Kalau sudah diketahui sub kelompok yang mana barulah tiap tabung di sub kelompok itu dites. Dari sini akan diketahui siapa yang positif tersebut. Untuk dilakukan isolasi.
Alenia berikut ini adalah bagian yang sensitif. Yang belum tentu banyak orang yang memahami.
Yakni apa yang sebenarnya harus dilakukan saat terjadi pandemi. Doktrin dalam pandemi, kata Andani, adalah memfokuskan semua usaha untuk memutus rantai penyebaran.
”Perang lawan pandemi itu di lapangan. Bukan di rumah sakit,” ujar dokter Andani.
Itu perlu ditegaskan agar jangan sampai upaya terbesar adalah menangani yang sudah terkena Covid-19.
Protokol Covid-19 haruslah physical distancing, pakai masker, dan cuci tangan itu. Termasuk di dalamnya memisahkan penduduk yang sehat dari yang terkena wabah.
Menurut Andani, kalau saja hasil pool test tersebut negatif, maka orang dari luar lima kabupaten tersebut tidak boleh masuk ke dalamnya. Yang di dalam lima kabupaten tidak boleh keluar. Mereka boleh hidup normal sebatas di dalam lima kabupaten itu, termasuk boleh sekolah dan tarawih.
Andani adalah dokter ahli penyakit tropis. Ia lulus sebagai dokter di Universitas Andalas. Lalu mengabdi di rumah sakit di Padang. Setelah itu Andani ke Universitas Gajah Mada Jogjakarta untuk mendapatkan spesialisasinya.
Kini Andani menjadi Kepala Laboratorium Pusat Diagnostik dan Riset Penyakit Infeksi Universitas Andalas, Padang. Praktik dokternya sangat laris. Andani bisa praktik sampai pukul 2 malam. Andani sangat disukai orang yang lagi sakit di sana, karena boleh tidak membayar.
Jiwa aktivisnya tidak larut dalam komersialisme. Sebagai aktivis mahasiswa dan tokoh HMI, Andani ingin terus berjuang lewat profesi dokternya.
Ia ingin sekali menghasilkan produk kesehatan untuk Indonesia. Ia belum mau banyak bercerita. Tapi sebenarnya Andani lagi melakukan riset untuk menemukan cara mendeteksi virus yang menyebabkan kanker mulut rahim. Ia juga sedang riset untuk membuat cairan yang akan dipakai melakukan tes di lab. Misalnya tes Covid-19 seperti sekarang ini.
Tahun lalu Andani akan dinobatkan sebagai dosen teladan di Universitas Andalas. Andani menolak. ”Saya harus menghasilkan penemuan dulu,” katanya.

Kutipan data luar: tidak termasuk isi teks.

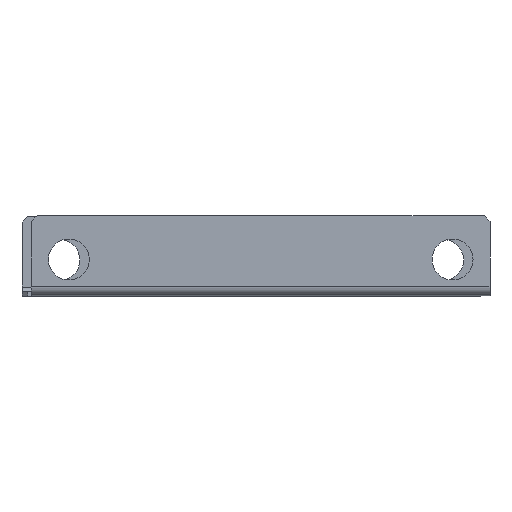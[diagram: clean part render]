
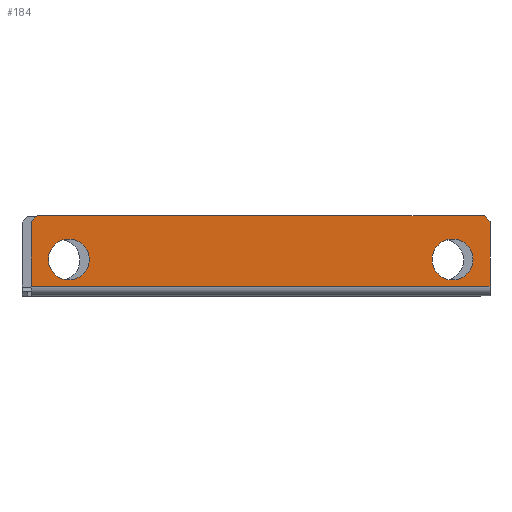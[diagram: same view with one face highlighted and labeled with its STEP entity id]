
A CAD part, top view. The second image highlights one B-rep face of the part: STEP entity #184.
In plain terms, the highlighted planar face has unit normal (0, 0, 1).
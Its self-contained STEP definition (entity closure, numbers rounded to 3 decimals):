
#184=ADVANCED_FACE('',(#380,#381,#382),#383,.T.);
#380=FACE_BOUND('',#624,.T.);
#381=FACE_BOUND('',#625,.T.);
#382=FACE_OUTER_BOUND('',#626,.T.);
#383=PLANE('',#627);
#624=EDGE_LOOP('',(#956,#957));
#625=EDGE_LOOP('',(#958,#959));
#626=EDGE_LOOP('',(#960,#961,#962,#963,#964,#965));
#627=AXIS2_PLACEMENT_3D('',#966,#967,#968);
#956=ORIENTED_EDGE('',*,*,#1463,.T.);
#957=ORIENTED_EDGE('',*,*,#1538,.T.);
#958=ORIENTED_EDGE('',*,*,#1458,.T.);
#959=ORIENTED_EDGE('',*,*,#1539,.T.);
#960=ORIENTED_EDGE('',*,*,#1532,.T.);
#961=ORIENTED_EDGE('',*,*,#1540,.T.);
#962=ORIENTED_EDGE('',*,*,#1541,.F.);
#963=ORIENTED_EDGE('',*,*,#1542,.F.);
#964=ORIENTED_EDGE('',*,*,#1543,.T.);
#965=ORIENTED_EDGE('',*,*,#1534,.T.);
#966=CARTESIAN_POINT('',(400.0,38.25,300.0));
#967=DIRECTION('',(-0.0,0.0,1.0));
#968=DIRECTION('',(0.0,1.0,0.0));
#1458=EDGE_CURVE('',#1718,#1722,#1724,.T.);
#1463=EDGE_CURVE('',#1727,#1731,#1733,.T.);
#1532=EDGE_CURVE('',#1832,#1836,#1838,.T.);
#1534=EDGE_CURVE('',#1840,#1832,#1841,.T.);
#1538=EDGE_CURVE('',#1731,#1727,#1846,.T.);
#1539=EDGE_CURVE('',#1722,#1718,#1847,.T.);
#1540=EDGE_CURVE('',#1836,#1848,#1849,.T.);
#1541=EDGE_CURVE('',#1850,#1848,#1851,.T.);
#1542=EDGE_CURVE('',#1852,#1850,#1853,.T.);
#1543=EDGE_CURVE('',#1852,#1840,#1854,.T.);
#1718=VERTEX_POINT('',#2108);
#1722=VERTEX_POINT('',#2113);
#1724=CIRCLE('',#2116,17.5);
#1727=VERTEX_POINT('',#2119);
#1731=VERTEX_POINT('',#2124);
#1733=CIRCLE('',#2127,17.5);
#1832=VERTEX_POINT('',#2274);
#1836=VERTEX_POINT('',#2280);
#1838=LINE('',#2283,#2284);
#1840=VERTEX_POINT('',#2286);
#1841=LINE('',#2287,#2288);
#1846=CIRCLE('',#2295,17.5);
#1847=CIRCLE('',#2296,17.5);
#1848=VERTEX_POINT('',#2297);
#1849=LINE('',#2298,#2299);
#1850=VERTEX_POINT('',#2300);
#1851=LINE('',#2301,#2302);
#1852=VERTEX_POINT('',#2303);
#1853=LINE('',#2304,#2305);
#1854=LINE('',#2306,#2307);
#2108=CARTESIAN_POINT('',(350.5,31.0,300.0));
#2113=CARTESIAN_POINT('',(385.5,31.0,300.0));
#2116=AXIS2_PLACEMENT_3D('',#2669,#2670,#2671);
#2119=CARTESIAN_POINT('',(22.5,31.0,300.0));
#2124=CARTESIAN_POINT('',(57.5,31.0,300.0));
#2127=AXIS2_PLACEMENT_3D('',#2677,#2678,#2679);
#2274=CARTESIAN_POINT('',(13.,68.5,300.0));
#2280=CARTESIAN_POINT('',(8.0,63.5,300.0));
#2283=CARTESIAN_POINT('',(101.455,156.955,300.0));
#2284=VECTOR('',#2731,1.0);
#2286=CARTESIAN_POINT('',(395.0,68.5,300.0));
#2287=CARTESIAN_POINT('',(400.0,68.5,300.0));
#2288=VECTOR('',#2732,1.0);
#2295=AXIS2_PLACEMENT_3D('',#2735,#2736,#2737);
#2296=AXIS2_PLACEMENT_3D('',#2738,#2739,#2740);
#2297=CARTESIAN_POINT('',(8.0,8.0,300.0));
#2298=CARTESIAN_POINT('',(8.0,68.5,300.0));
#2299=VECTOR('',#2741,1.0);
#2300=CARTESIAN_POINT('',(400.0,8.0,300.0));
#2301=CARTESIAN_POINT('',(400.0,8.0,300.0));
#2302=VECTOR('',#2742,1.0);
#2303=CARTESIAN_POINT('',(400.0,63.5,300.0));
#2304=CARTESIAN_POINT('',(400.0,68.5,300.0));
#2305=VECTOR('',#2743,1.0);
#2306=CARTESIAN_POINT('',(404.545,58.955,300.0));
#2307=VECTOR('',#2744,1.0);
#2669=CARTESIAN_POINT('',(368.0,31.0,300.0));
#2670=DIRECTION('',(0.0,0.0,-1.0));
#2671=DIRECTION('',(-1.0,0.0,0.0));
#2677=CARTESIAN_POINT('',(40.0,31.0,300.0));
#2678=DIRECTION('',(0.0,0.0,-1.0));
#2679=DIRECTION('',(-1.0,0.0,0.0));
#2731=DIRECTION('',(-0.707,-0.707,0.0));
#2732=DIRECTION('',(-1.0,0.0,0.0));
#2735=CARTESIAN_POINT('',(40.0,31.0,300.0));
#2736=DIRECTION('',(0.0,0.0,-1.0));
#2737=DIRECTION('',(-1.0,0.0,0.0));
#2738=CARTESIAN_POINT('',(368.0,31.0,300.0));
#2739=DIRECTION('',(0.0,0.0,-1.0));
#2740=DIRECTION('',(-1.0,0.0,0.0));
#2741=DIRECTION('',(0.0,-1.0,0.0));
#2742=DIRECTION('',(-1.0,0.0,0.0));
#2743=DIRECTION('',(0.0,-1.0,0.0));
#2744=DIRECTION('',(-0.707,0.707,-0.0));
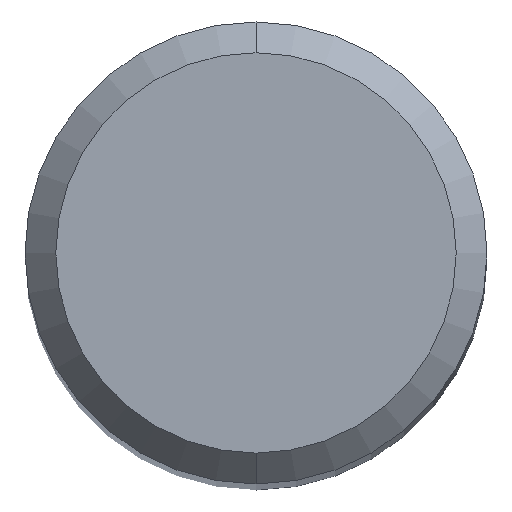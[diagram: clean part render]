
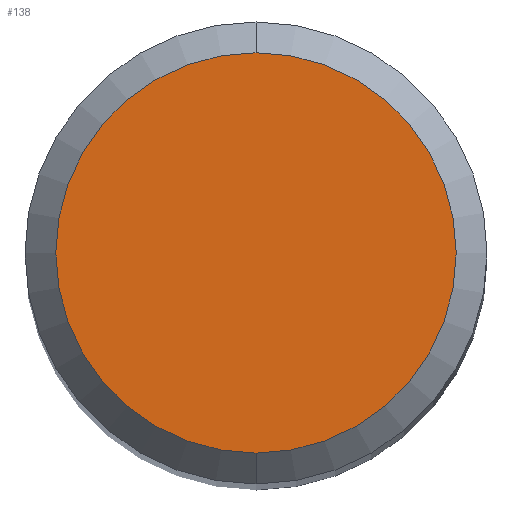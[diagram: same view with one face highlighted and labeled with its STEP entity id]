
A CAD part, top view. The second image highlights one B-rep face of the part: STEP entity #138.
In plain terms, the highlighted planar face has unit normal (0, 0, 1).
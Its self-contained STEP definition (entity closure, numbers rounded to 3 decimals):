
#102=EDGE_CURVE('',#112,#120,#224,.T.);
#112=VERTEX_POINT('',#235);
#118=EDGE_CURVE('',#120,#112,#242,.T.);
#120=VERTEX_POINT('',#244);
#138=ADVANCED_FACE('',(#264),#265,.T.);
#224=CIRCLE('',#356,2.6);
#235=CARTESIAN_POINT('',(0.,-2.6,0.0));
#242=CIRCLE('',#382,2.6);
#244=CARTESIAN_POINT('',(0.0,2.6,0.0));
#264=FACE_OUTER_BOUND('',#407,.T.);
#265=PLANE('',#408);
#356=AXIS2_PLACEMENT_3D('',#496,#497,#498);
#382=AXIS2_PLACEMENT_3D('',#519,#520,#521);
#407=EDGE_LOOP('',(#545,#546));
#408=AXIS2_PLACEMENT_3D('',#547,#548,#549);
#496=CARTESIAN_POINT('',(0.0,0.0,0.0));
#497=DIRECTION('',(0.0,0.0,-1.0));
#498=DIRECTION('',(0.0,1.0,0.0));
#519=CARTESIAN_POINT('',(0.0,0.0,0.0));
#520=DIRECTION('',(0.0,0.0,-1.0));
#521=DIRECTION('',(0.0,1.0,0.0));
#545=ORIENTED_EDGE('',*,*,#118,.F.);
#546=ORIENTED_EDGE('',*,*,#102,.F.);
#547=CARTESIAN_POINT('',(0.0,1.3,0.0));
#548=DIRECTION('',(-0.0,0.0,1.0));
#549=DIRECTION('',(0.0,-1.0,0.0));

Sewaktu wahasiswa, Andani juga aktif di dunia pers kampus. Karena itu cita-cita awalnya jadi wartawan. Lalu ganti cita-cita ingin ke ITB. Ayahnyalah, seorang polisi yang memintanya jadi dokter.
Ia tidak ingin jadi dokter biasa.
Untuk menjadi penemu di bidang kedokteran itulah Andani melengkapi lab universitas dengan alat-alat terbaru. Sering ia harus membeli alat sendiri, dari uang pribadinya. Termasuk alat yang harganya di atas Rp 100 juta.
Kalau saja ia punya uang banyak bidang keilmuan kedokteran di Sumbar akan sangat maju.
Dengan pool test tersebut, Sumbar lagi melakukan terobosan penanganan Covid-19.
Di Sumbar mereka yang mayoritas tidak ingin dikalahkan oleh minoritas tadi.